§ **Activity**
What you return must be an exact copy of the lines in the listing below between the line holding "Invasive ductal carcinoma (IDC) in this breast tissue patch: 1" and the line holding "City: winnipeg", inclusive, and nothing more.

§ **Record extracts**
----

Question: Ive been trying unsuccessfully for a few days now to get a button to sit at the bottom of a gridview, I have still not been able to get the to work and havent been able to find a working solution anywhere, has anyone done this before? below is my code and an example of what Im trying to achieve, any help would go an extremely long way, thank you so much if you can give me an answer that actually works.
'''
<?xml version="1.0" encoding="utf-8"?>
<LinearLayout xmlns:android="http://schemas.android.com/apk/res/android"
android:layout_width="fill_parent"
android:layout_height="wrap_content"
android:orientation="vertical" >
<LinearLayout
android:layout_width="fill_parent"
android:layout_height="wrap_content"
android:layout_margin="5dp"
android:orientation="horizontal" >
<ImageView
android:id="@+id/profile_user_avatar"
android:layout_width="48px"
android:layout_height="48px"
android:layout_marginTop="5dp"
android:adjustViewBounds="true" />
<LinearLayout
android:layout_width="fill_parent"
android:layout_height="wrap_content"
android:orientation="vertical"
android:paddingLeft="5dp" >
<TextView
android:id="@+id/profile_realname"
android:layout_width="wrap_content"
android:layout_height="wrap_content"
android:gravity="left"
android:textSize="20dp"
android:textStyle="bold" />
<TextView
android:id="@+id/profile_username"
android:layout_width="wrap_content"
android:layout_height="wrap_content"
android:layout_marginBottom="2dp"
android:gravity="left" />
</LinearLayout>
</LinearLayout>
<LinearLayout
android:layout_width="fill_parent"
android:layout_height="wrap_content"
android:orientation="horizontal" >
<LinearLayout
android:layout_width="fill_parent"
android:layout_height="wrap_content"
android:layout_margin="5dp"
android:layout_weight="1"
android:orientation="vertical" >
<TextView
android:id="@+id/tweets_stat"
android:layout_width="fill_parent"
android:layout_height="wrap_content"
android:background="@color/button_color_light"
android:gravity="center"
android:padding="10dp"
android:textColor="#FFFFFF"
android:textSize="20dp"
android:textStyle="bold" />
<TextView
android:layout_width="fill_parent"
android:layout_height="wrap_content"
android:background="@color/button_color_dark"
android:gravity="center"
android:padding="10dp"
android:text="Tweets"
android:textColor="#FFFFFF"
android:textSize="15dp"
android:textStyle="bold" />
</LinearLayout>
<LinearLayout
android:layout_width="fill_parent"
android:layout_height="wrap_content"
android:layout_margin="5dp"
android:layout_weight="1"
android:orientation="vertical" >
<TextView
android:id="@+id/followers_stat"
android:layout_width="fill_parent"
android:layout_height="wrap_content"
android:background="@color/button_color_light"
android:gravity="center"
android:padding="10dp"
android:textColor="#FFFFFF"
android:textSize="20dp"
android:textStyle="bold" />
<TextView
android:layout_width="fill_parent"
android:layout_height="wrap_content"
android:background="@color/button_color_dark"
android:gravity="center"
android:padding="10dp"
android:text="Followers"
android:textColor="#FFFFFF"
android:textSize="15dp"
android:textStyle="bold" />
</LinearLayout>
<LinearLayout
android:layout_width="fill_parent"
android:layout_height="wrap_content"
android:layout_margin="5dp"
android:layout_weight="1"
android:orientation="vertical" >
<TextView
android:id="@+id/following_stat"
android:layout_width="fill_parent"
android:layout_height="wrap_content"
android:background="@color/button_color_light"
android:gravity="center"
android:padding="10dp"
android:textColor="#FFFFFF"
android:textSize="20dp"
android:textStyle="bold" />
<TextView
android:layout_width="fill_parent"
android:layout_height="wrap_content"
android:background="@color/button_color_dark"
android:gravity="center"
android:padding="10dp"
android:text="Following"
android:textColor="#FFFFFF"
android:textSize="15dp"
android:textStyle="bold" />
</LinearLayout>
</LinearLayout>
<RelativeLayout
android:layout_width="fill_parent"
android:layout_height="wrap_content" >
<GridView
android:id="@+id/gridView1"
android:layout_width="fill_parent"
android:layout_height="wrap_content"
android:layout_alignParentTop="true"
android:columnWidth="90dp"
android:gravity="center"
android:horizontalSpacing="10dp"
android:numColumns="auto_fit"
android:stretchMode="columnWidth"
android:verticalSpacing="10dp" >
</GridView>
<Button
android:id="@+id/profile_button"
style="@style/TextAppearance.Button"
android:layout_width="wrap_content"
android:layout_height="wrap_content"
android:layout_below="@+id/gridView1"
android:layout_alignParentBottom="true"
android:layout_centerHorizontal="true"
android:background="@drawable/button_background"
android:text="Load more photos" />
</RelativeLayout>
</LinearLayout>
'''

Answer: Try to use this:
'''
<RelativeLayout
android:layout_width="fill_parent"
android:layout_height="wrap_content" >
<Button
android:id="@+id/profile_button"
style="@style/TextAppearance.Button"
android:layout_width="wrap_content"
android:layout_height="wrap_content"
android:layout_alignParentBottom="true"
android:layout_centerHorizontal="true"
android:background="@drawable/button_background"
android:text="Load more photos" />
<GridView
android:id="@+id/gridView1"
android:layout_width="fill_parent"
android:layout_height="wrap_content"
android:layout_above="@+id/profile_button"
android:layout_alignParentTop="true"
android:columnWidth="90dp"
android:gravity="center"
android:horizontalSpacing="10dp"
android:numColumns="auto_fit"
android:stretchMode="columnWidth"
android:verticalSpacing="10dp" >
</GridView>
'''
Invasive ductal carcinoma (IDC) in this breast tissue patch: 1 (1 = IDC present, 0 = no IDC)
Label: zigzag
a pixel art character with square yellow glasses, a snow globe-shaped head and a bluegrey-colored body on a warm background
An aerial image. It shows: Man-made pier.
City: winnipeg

----

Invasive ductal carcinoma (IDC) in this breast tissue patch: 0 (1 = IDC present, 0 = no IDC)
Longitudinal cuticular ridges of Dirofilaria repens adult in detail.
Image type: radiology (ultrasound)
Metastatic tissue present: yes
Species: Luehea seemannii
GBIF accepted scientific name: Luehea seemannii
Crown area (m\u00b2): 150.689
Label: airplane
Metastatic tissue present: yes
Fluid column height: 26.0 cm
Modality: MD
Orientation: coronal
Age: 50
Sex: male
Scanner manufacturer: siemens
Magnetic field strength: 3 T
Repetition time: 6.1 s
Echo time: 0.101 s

----

§ **Written response**
Invasive ductal carcinoma (IDC) in this breast tissue patch: 1 (1 = IDC present, 0 = no IDC)
Label: zigzag
a pixel art character with square yellow glasses, a snow globe-shaped head and a bluegrey-colored body on a warm background
An aerial image. It shows: Man-made pier.
City: winnipeg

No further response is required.